Take the UV statistics of a page as an example.

First, create a table with a BITMAP column, where visit_users is an aggregated column, the column type is BITMAP, and the aggregation function is BITMAP_UNION.

CREATE TABLE `page_uv` (
  `page_id` INT NOT NULL COMMENT '页面id',
  `visit_date` datetime NOT NULL COMMENT '访问时间',
  `visit_users` BITMAP BITMAP_UNION NOT NULL COMMENT '访问用户id'
) ENGINE=OLAP
AGGREGATE KEY(`page_id`, `visit_date`)
DISTRIBUTED BY HASH(`page_id`) BUCKETS 1
PROPERTIES (
  "replication_num" = "1",
  "storage_format" = "DEFAULT"
);

Import data into a table, using the insert into statement:

insert into page_uv values
(1, '2020-06-23 01:30:30', to_bitmap(13)),
(1, '2020-06-23 01:30:30', to_bitmap(23)),
(1, '2020-06-23 01:30:30', to_bitmap(33)),
(1, '2020-06-23 02:30:30', to_bitmap(13)),
(2, '2020-06-23 01:30:30', to_bitmap(23));

After the data import, in the row page_id = 1, visit_date = '2020-06-23 01:30:30', the visit_user field contains 3 bitmap elements (13, 23, 33); in the data row page_id = 1, visit_date = '2020-06-23 02:30 :30', the visit_user field contains 1 bitmap element (13); in the data row page_id = 2, visit_date = '2020-06-23 01:30:30', the visit_user field contains 1 bitmap element (23).

Import using local files:

cat <<<'DONE' | \
    curl --location-trusted -u root: -H "label:label_1600960288796" \
        -H "column_separator:," \
        -H "columns:page_id,visit_date,visit_users, visit_users=to_bitmap(visit_users)" -T - \
        http://StarRocks_be0:8040/api/db0/page_uv/_stream_load
1,2020-06-23 01:30:30,130
1,2020-06-23 01:30:30,230
1,2020-06-23 01:30:30,120
1,2020-06-23 02:30:30,133
2,2020-06-23 01:30:30,234
DONE

Statistics of UV per page.

select page_id, count(distinct visit_users) from page_uv group by page_id;

Query Results.

mysql> select page_id, count(distinct visit_users) from page_uv group by page_id;

+-----------+------------------------------+
|  page_id  | count(DISTINCT `visit_user`) |
+-----------+------------------------------+
|         1 |                            3 |
+-----------+------------------------------+
|         2 |                            1 |
+-----------+------------------------------+
2 row in set (0.00 sec)

Bitmap Global Dictionary

Currently, the Bitmap type-based de-duplication mechanism requires the input to be integer. If the user needs to use other data types as input to the Bitmap, then the user needs to build their own global dictionary to map other types of data (such as string types) to integer types. There are several ideas for building a global dictionary.

Hive Table-based Global Dictionary

The global dictionary itself in this scheme is a Hive table, which has two columns, one for raw values and one for encoded Int values.

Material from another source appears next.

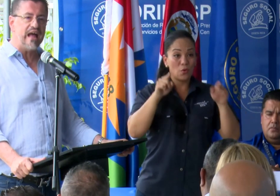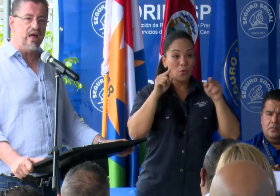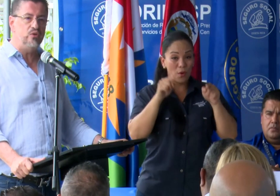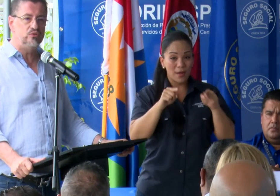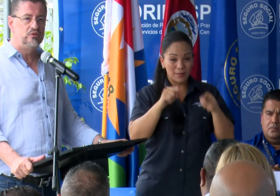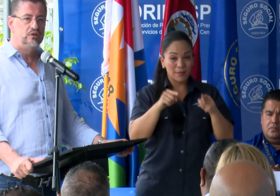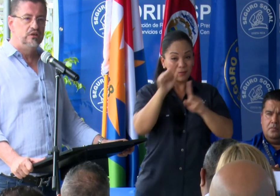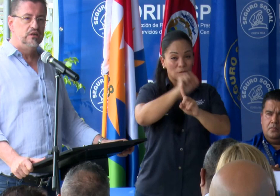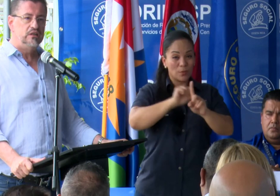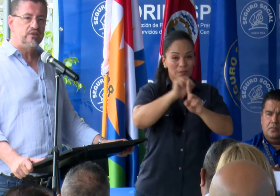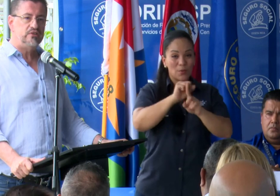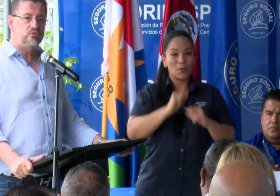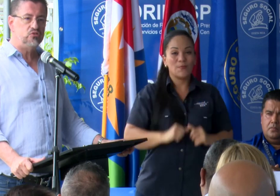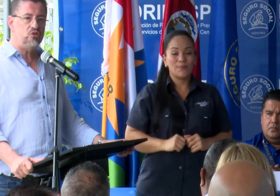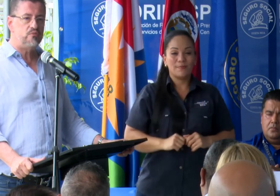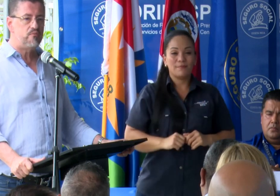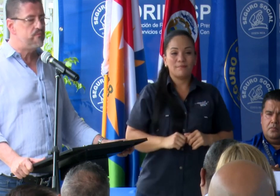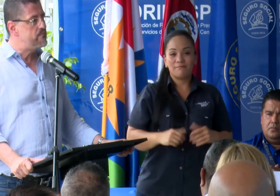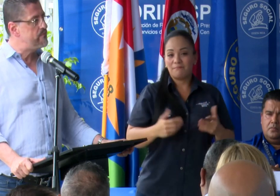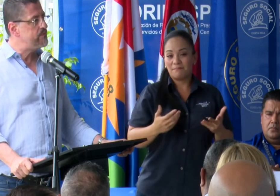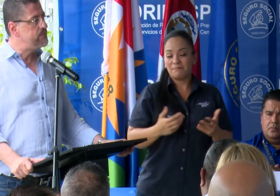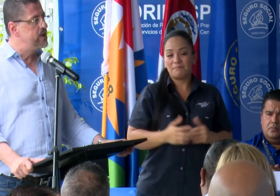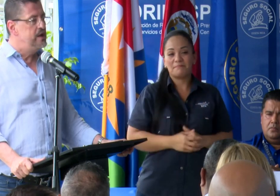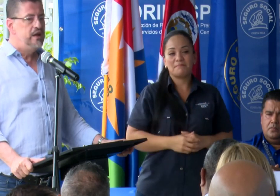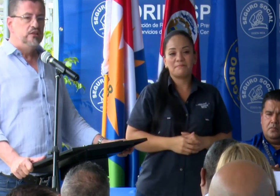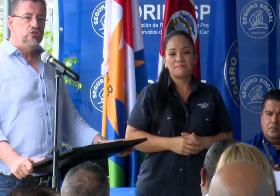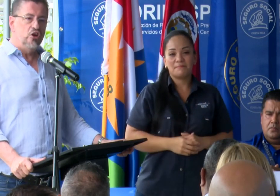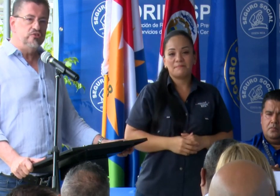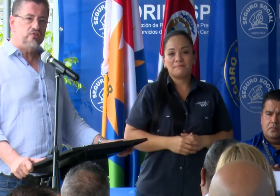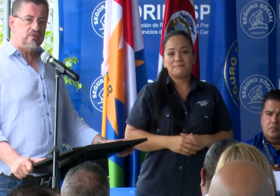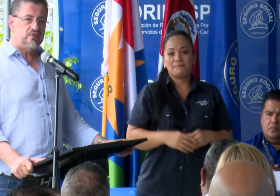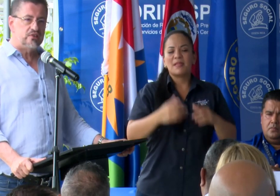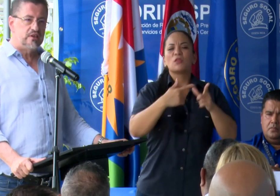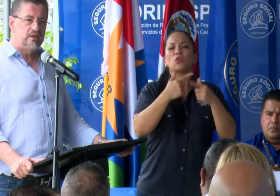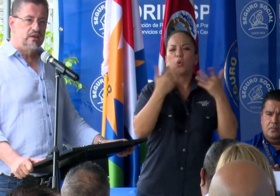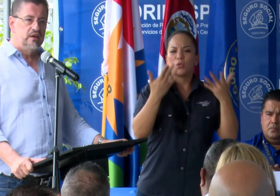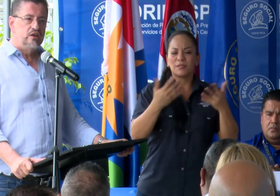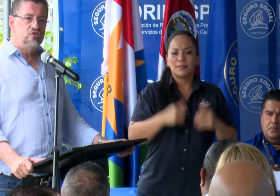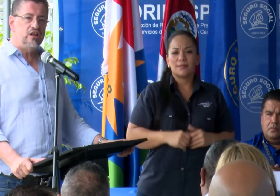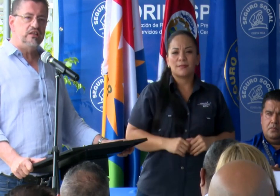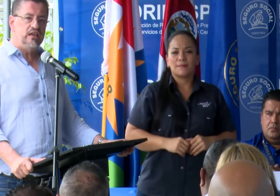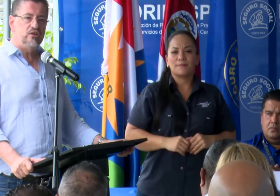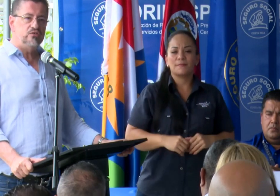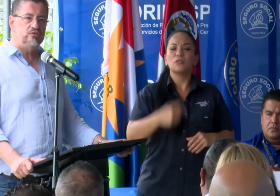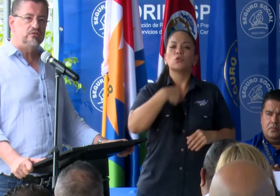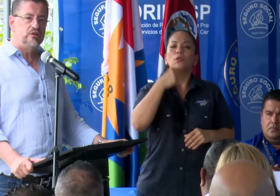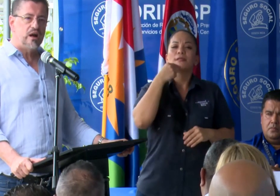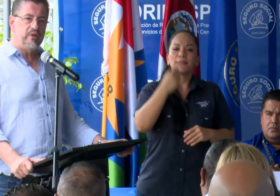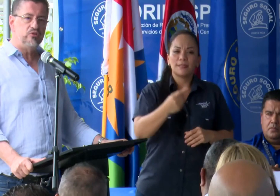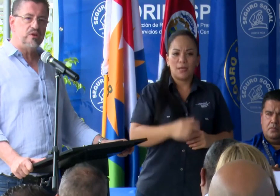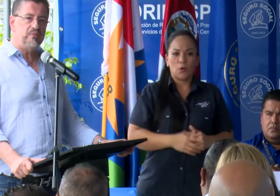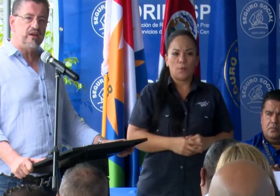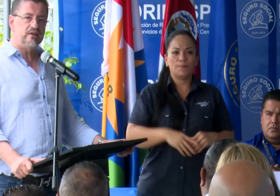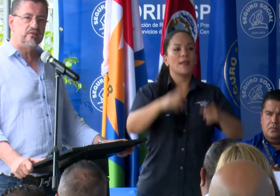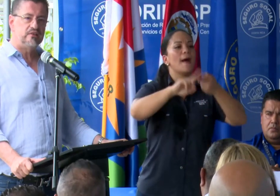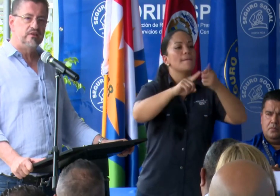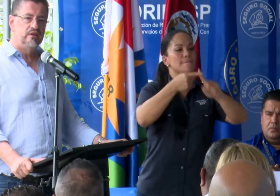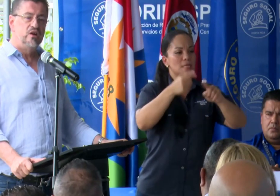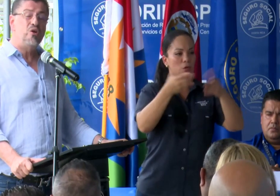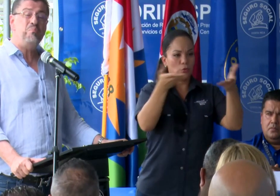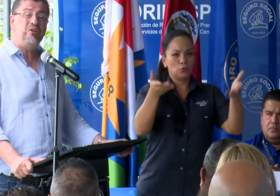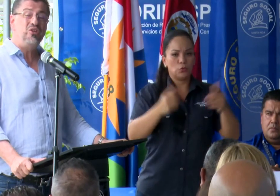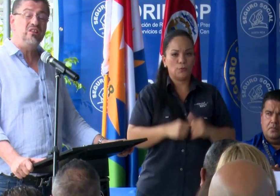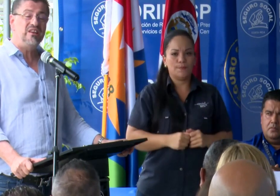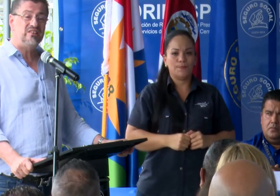estado de la situación. Entonces, yo les digo, amigos y amigas,

The steps to generate the global dictionary are as follows:

  1. De-duplicate the dictionary columns of the fact table to generate a temporary table
  2. Left join the temporary table and the global dictionary, add new value to the temporary table.
  3. Encode the new value and insert it into the global dictionary.
  4. Left join the fact table and the updated global dictionary, replace the dictionary items with IDs.

In this way, the global dictionary can be updated and the value columns in the fact table can be replaced using Spark or MR. Compared with the trie tree-based global dictionary, this approach can be distributed and the global dictionary can be reused.

However, there are a few things to note: the original fact table is read multiple times, and there are two joins that consume a lot of extra resources during the calculation of the global dictionary.

Build a global dictionary based on a trie tree

Users can also build their own global dictionaries using trie trees (aka prefix trees or dictionary trees). The trie tree has common prefixes for the descendants of nodes, which can be used to reduce query time and minimize string comparisons, and therefore is well suited for implementing dictionary encoding. However, the implementation of trie tree is not easy to distribute and can create performance bottlenecks when the data volume is relatively large.

By building a global dictionary and converting other types of data to integer data, you can use Bitmap to perform accurate de-duplication analysis of non-integer data columns.